Task description — Go through the data below and copy it exactly, skipping every picture.

Excerpts from a dataset —
=== Begin Enclosure ===

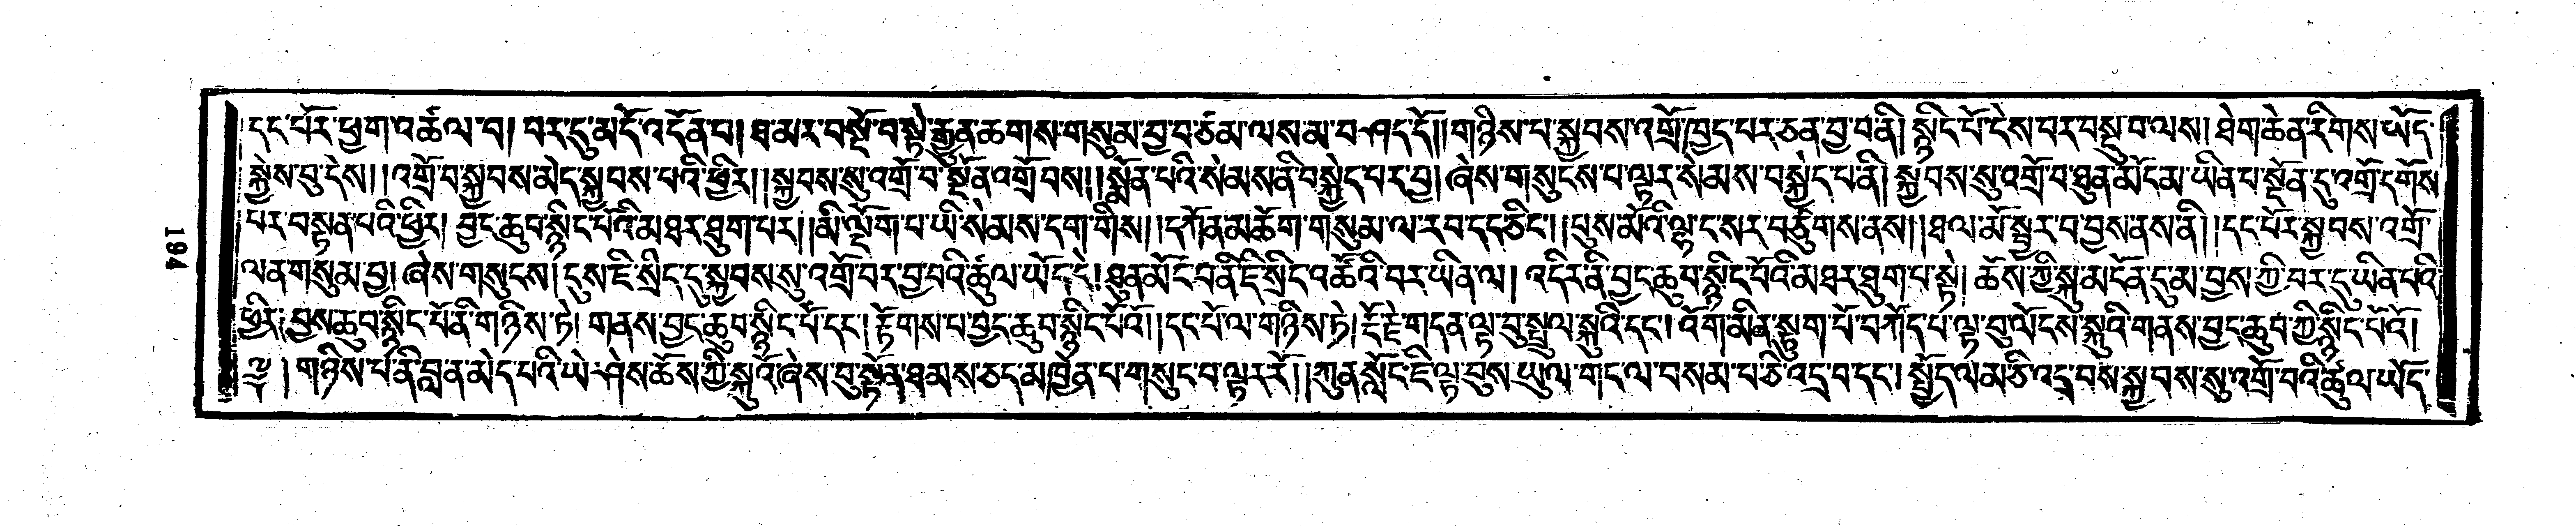དང་པོར་ཕྱག་འཚལ་བ། བར་དུ་མདོ་འདོན་པ། ཐ་མར་བསྔོ་བ་སྟེ་རྒྱུན་ཆགས་གསུམ་བྱ་བ་ཙམ་ལས་མ་བཤད་དོ། གཉིས་པ་སྐྱབས་འགྲོ་ཁྱད་པར་ཅན་བྱ་བ་ནི། སྙིང་པོ་ངེས་པར་བསྡུ་བ་ལས། ཐེག་ཆེན་རིགས་ཡོད་
སྐྱེས་བུ་དེས། །འགྲོ་བ་སྐྱབས་མེད་སྐྱབས་པའི་ཕྱིར། །སྐྱབས་སུ་འགྲོ་བ་སྔོན་འགྲོ་བས། །སྨོན་པའི་སེམས་ནི་བསྐྱེད་པར་བྱ། ཞེས་གསུངས་པ་ལྟར་སེམས་བསྐྱེད་པ་ནི། སྐྱབས་སུ་འགྲོ་བ་ཐུན་མོང་མ་ཡིན་པ་སྔོན་དུ་འགྲོ་དགོས་
པར་བསྟན་པའི་ཕྱིར། བྱང་ཆུབ་སྙིང་པོའི་མཐར་ཐུག་པར། །མི་ལྡོག་པ་ཡི་སེམས་དག་གིས། །དཀོན་མཆོག་གསུམ་ལ་རབ་དད་ཅིང་། །པུས་མོའི་ལྷ་ང་སར་བཙུགས་ནས། །ཐལ་མོ་སྦྱར་བ་བྱས་ནས་ནི། །དང་པོར་སྐྱབས་འགྲོ་
ལན་གསུམ་བྱ། ཞེས་གསུངས། དུས་ཇི་སྲིད་དུ་སྐྱབས་སུ་འགྲོ་བར་བྱ་བའི་ཚུལ་ཡོད་དེ། ཐུན་མོང་བ་ནི་ཇི་སྲིད་འཚོའི་བར་ཡིན་ལ། འདིར་ནི་བྱང་ཆུབ་སྙིང་པོའི་མཐར་ཐུག་པ་སྟེ། ཆོས་ཀྱི་སྐུ་མངོན་དུ་མ་བྱས་ཀྱི་བར་དུ་ཡིན་པའི་
ཕྱིར། བྱས་ཆུབ་སྙིང་པོ་ནི་གཉིས་ཏེ། གནས་བྱང་ཆུབ་སྙིང་པོ་དང་། རྟོགས་པ་བྱང་ཆུབ་སྙིང་པོའོ། །དང་པོ་ལ་གཉིས་ཏེ། རྡོ་རྗེ་གདན་ལྟ་བུ་སྤྲུལ་སྐུའི་དང་། འོག་མིན་སྟུག་པོ་བཀོད་པ་ལྟ་བུ་ལོངས་སྐུའི་གནས་བྱང་ཆུབ་ཀྱི་སྙིང་པོའོ།
༈ །གཉིས་པ་ནི་བླ་ན་མེད་པའི་ཡེ་ཤེས་ཆོས་ཀྱི་སྐུའོ་ཞེས་བུ་སྟོན་ཐམས་ཅད་མཁྱེན་པ་གསུང་པ་ལྟར་རོ། །ཀུན་སློང་ཇི་ལྟ་བུས་ཡུལ་གང་ལ་བསམ་པ་ཅི་འདྲ་བ་དང་། སྤྱོད་ལམ་ཅི་འདྲ་བས་སྐྱབས་སུ་འགྲོ་བའི་ཚུལ་ཡོད་

=== End Enclosure ===

Result —
དང་པོར་ཕྱག་འཚལ་བ། བར་དུ་མདོ་འདོན་པ། ཐ་མར་བསྔོ་བ་སྟེ་རྒྱུན་ཆགས་གསུམ་བྱ་བ་ཙམ་ལས་མ་བཤད་དོ། གཉིས་པ་སྐྱབས་འགྲོ་ཁྱད་པར་ཅན་བྱ་བ་ནི། སྙིང་པོ་ངེས་པར་བསྡུ་བ་ལས། ཐེག་ཆེན་རིགས་ཡོད་
སྐྱེས་བུ་དེས། །འགྲོ་བ་སྐྱབས་མེད་སྐྱབས་པའི་ཕྱིར། །སྐྱབས་སུ་འགྲོ་བ་སྔོན་འགྲོ་བས། །སྨོན་པའི་སེམས་ནི་བསྐྱེད་པར་བྱ། ཞེས་གསུངས་པ་ལྟར་སེམས་བསྐྱེད་པ་ནི། སྐྱབས་སུ་འགྲོ་བ་ཐུན་མོང་མ་ཡིན་པ་སྔོན་དུ་འགྲོ་དགོས་
པར་བསྟན་པའི་ཕྱིར། བྱང་ཆུབ་སྙིང་པོའི་མཐར་ཐུག་པར། །མི་ལྡོག་པ་ཡི་སེམས་དག་གིས། །དཀོན་མཆོག་གསུམ་ལ་རབ་དད་ཅིང་། །པུས་མོའི་ལྷ་ང་སར་བཙུགས་ནས། །ཐལ་མོ་སྦྱར་བ་བྱས་ནས་ནི། །དང་པོར་སྐྱབས་འགྲོ་
ལན་གསུམ་བྱ། ཞེས་གསུངས། དུས་ཇི་སྲིད་དུ་སྐྱབས་སུ་འགྲོ་བར་བྱ་བའི་ཚུལ་ཡོད་དེ། ཐུན་མོང་བ་ནི་ཇི་སྲིད་འཚོའི་བར་ཡིན་ལ། འདིར་ནི་བྱང་ཆུབ་སྙིང་པོའི་མཐར་ཐུག་པ་སྟེ། ཆོས་ཀྱི་སྐུ་མངོན་དུ་མ་བྱས་ཀྱི་བར་དུ་ཡིན་པའི་
ཕྱིར། བྱས་ཆུབ་སྙིང་པོ་ནི་གཉིས་ཏེ། གནས་བྱང་ཆུབ་སྙིང་པོ་དང་། རྟོགས་པ་བྱང་ཆུབ་སྙིང་པོའོ། །དང་པོ་ལ་གཉིས་ཏེ། རྡོ་རྗེ་གདན་ལྟ་བུ་སྤྲུལ་སྐུའི་དང་། འོག་མིན་སྟུག་པོ་བཀོད་པ་ལྟ་བུ་ལོངས་སྐུའི་གནས་བྱང་ཆུབ་ཀྱི་སྙིང་པོའོ།
༈ །གཉིས་པ་ནི་བླ་ན་མེད་པའི་ཡེ་ཤེས་ཆོས་ཀྱི་སྐུའོ་ཞེས་བུ་སྟོན་ཐམས་ཅད་མཁྱེན་པ་གསུང་པ་ལྟར་རོ། །ཀུན་སློང་ཇི་ལྟ་བུས་ཡུལ་གང་ལ་བསམ་པ་ཅི་འདྲ་བ་དང་། སྤྱོད་ལམ་ཅི་འདྲ་བས་སྐྱབས་སུ་འགྲོ་བའི་ཚུལ་ཡོད་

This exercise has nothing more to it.